The rationale behind the American need to support the only democracy in the Middle East is weakened by the fact that "some aspects of Israeli democracy are at odds with core American values." Israel discriminates against its Arab citizens and by virtue of its establishment was involved in other crimes: Israel exploited the war in 1948 to expel 700,000 Palestinians because, they say, there was no other way to fulfill the goals of Zionism. Since then, it has been an unbridled country that kills Arabs mercilessly.
The two authors totally ignore the fact that Palestinians rejected the Partition Plan and that they started the warring, and they lend a hand to the legitimization of the murderous terror perpetrated by Hamas, which they praise as a legitimate political force, persecuted by Israel.
As there is no reason for American support for Israel, the only explanation is the pro-Israel lobby's unparalleled power.

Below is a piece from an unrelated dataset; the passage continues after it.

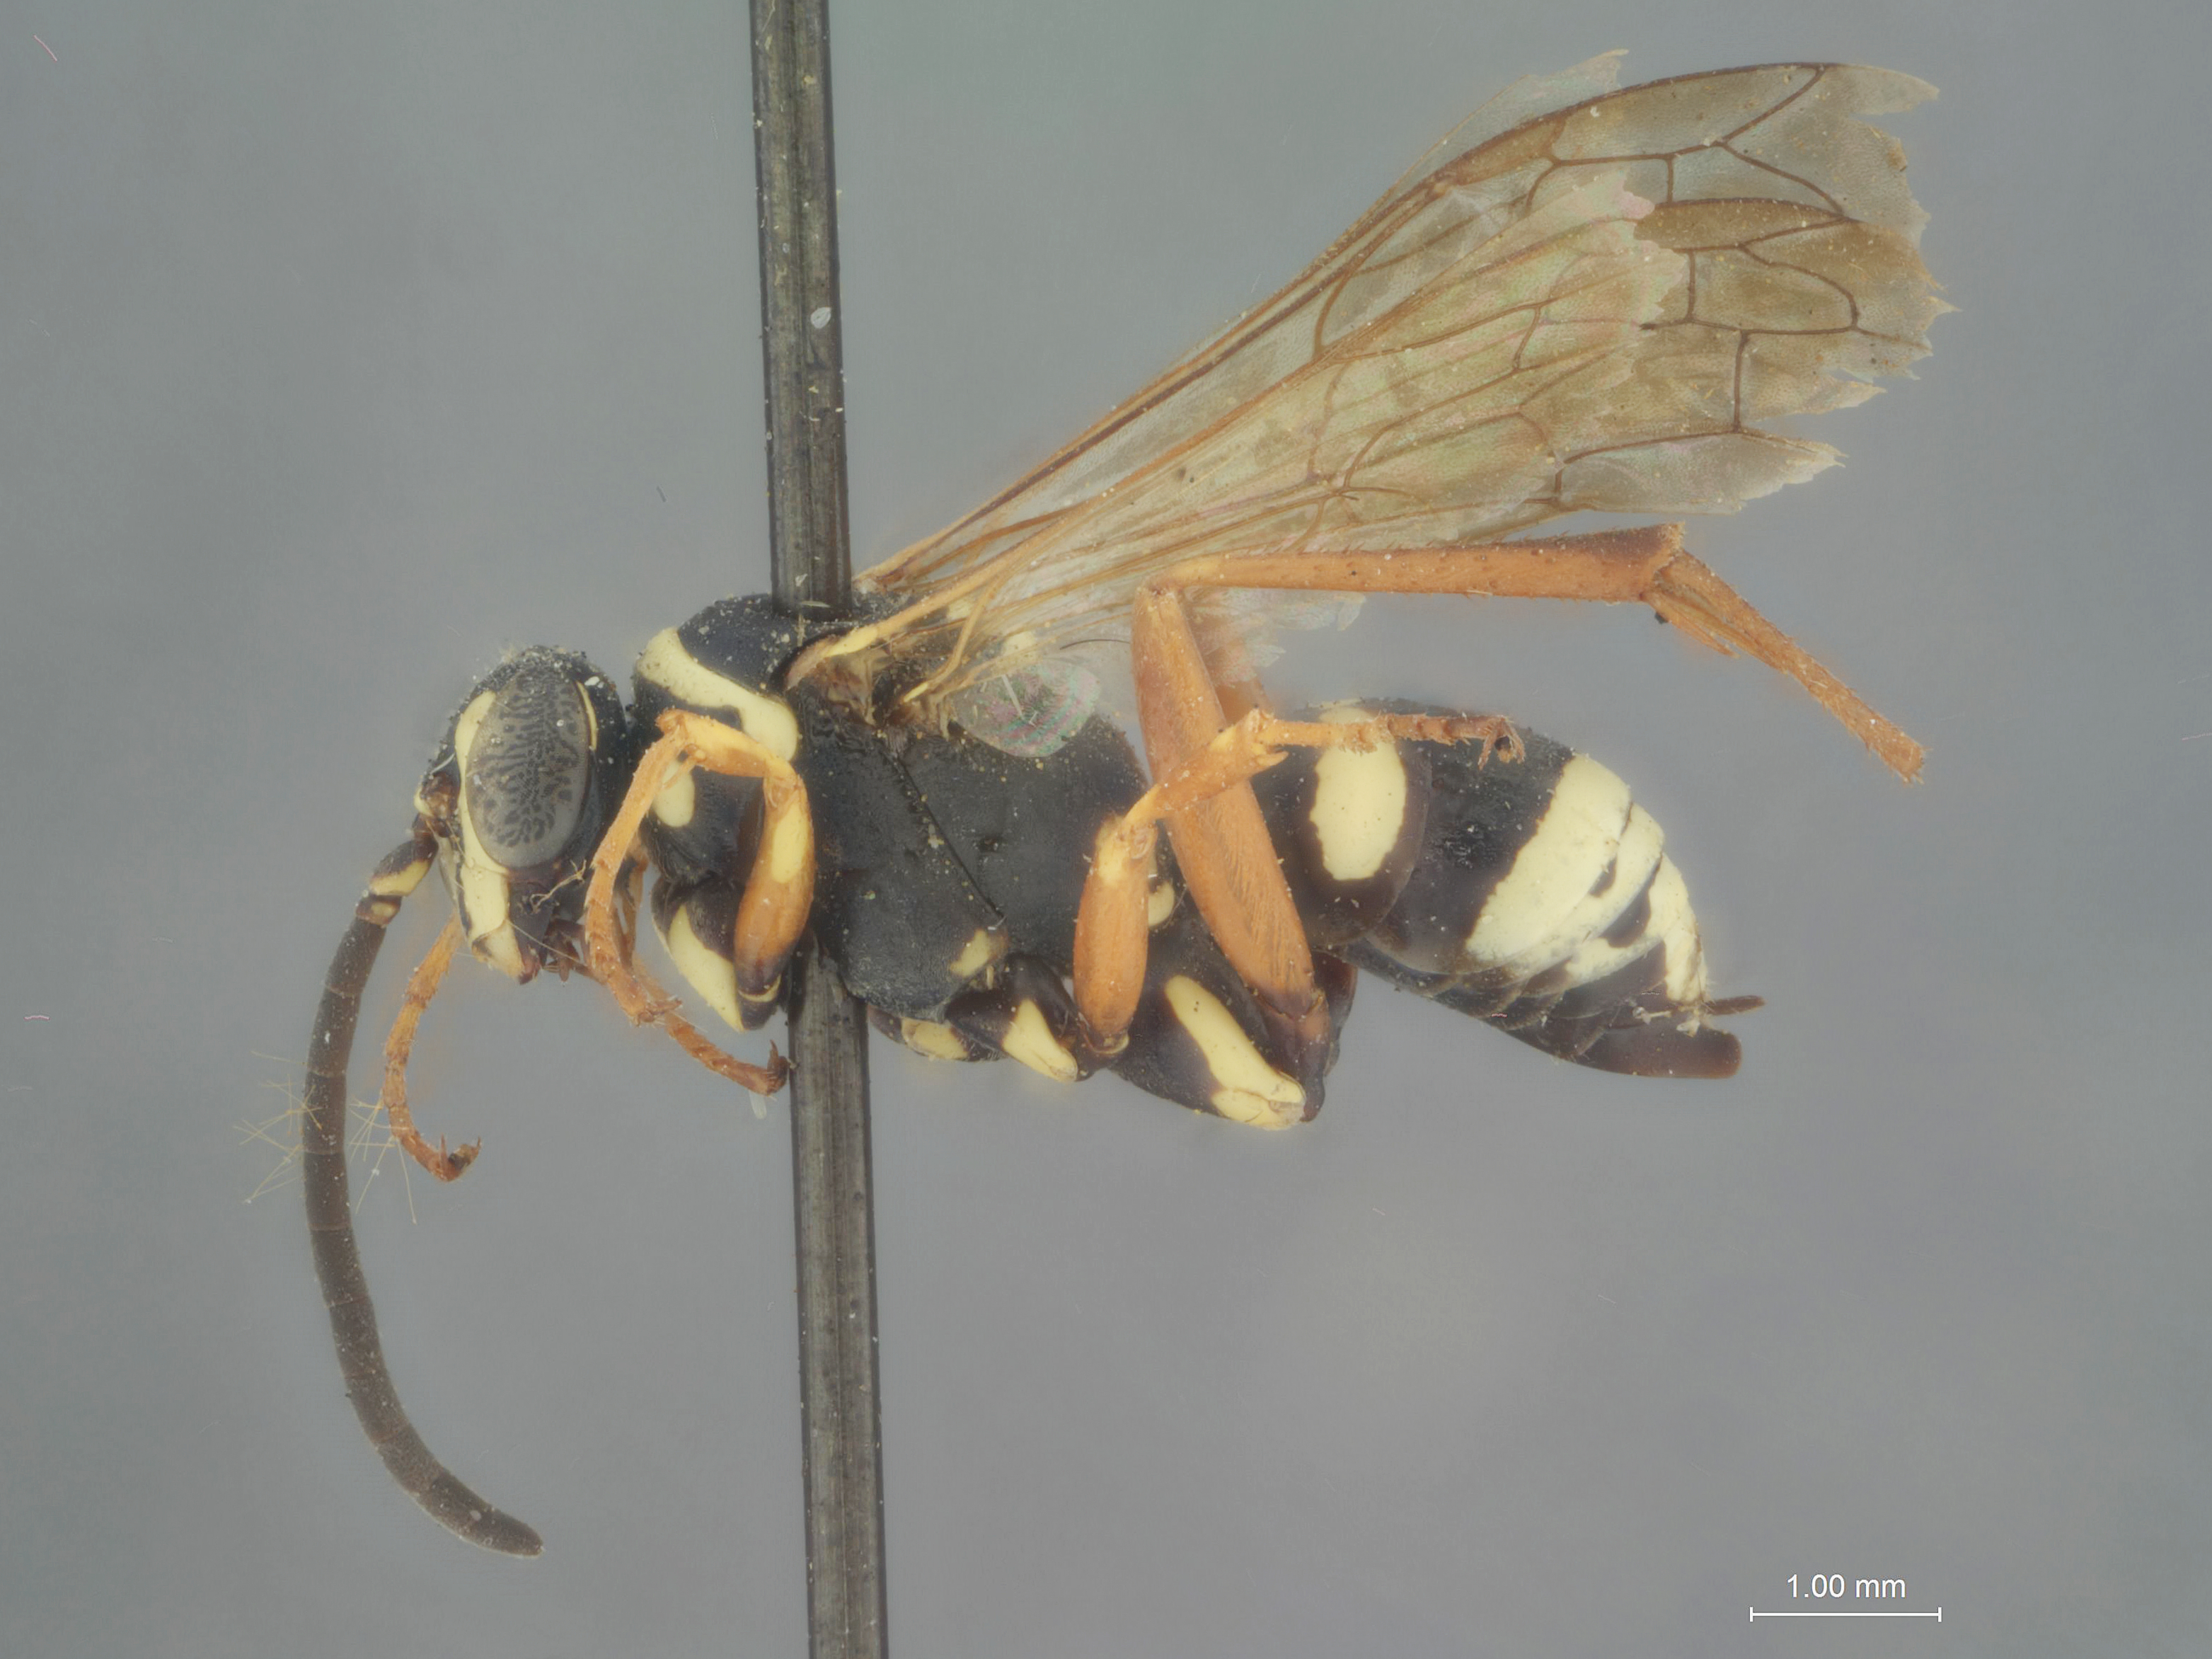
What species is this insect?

Therefore, when the lobby decided that toppling Saddam Hussein's regime was necessary to improve Israel's strategic situation, it led the Bush administration to war in Iraq.
"Some Americans believe that this was a war for oil, but there is hardly any direct evidence to support this claim. Instead, the war was motivated in good part by a desire to make Israel more secure." Naturally, no serious proof for this claim is made.
After it succeeded in the matter of Iraq, the Israel lobby is now moving to get the U.S. to attack Syria.
That pressure, say the two, could lead to a war against the Assad regime, which would be against American interests. Here, too, they ignore the negative role Syria plays in encouraging terror in Iraq against American soldiers, not Israel.
It is difficult to know what lies behind the writing of the authors, but there is no doubt that the document's publication at this time, when the American administration faces decisions on the matter of a nuclear Iran, is no accident.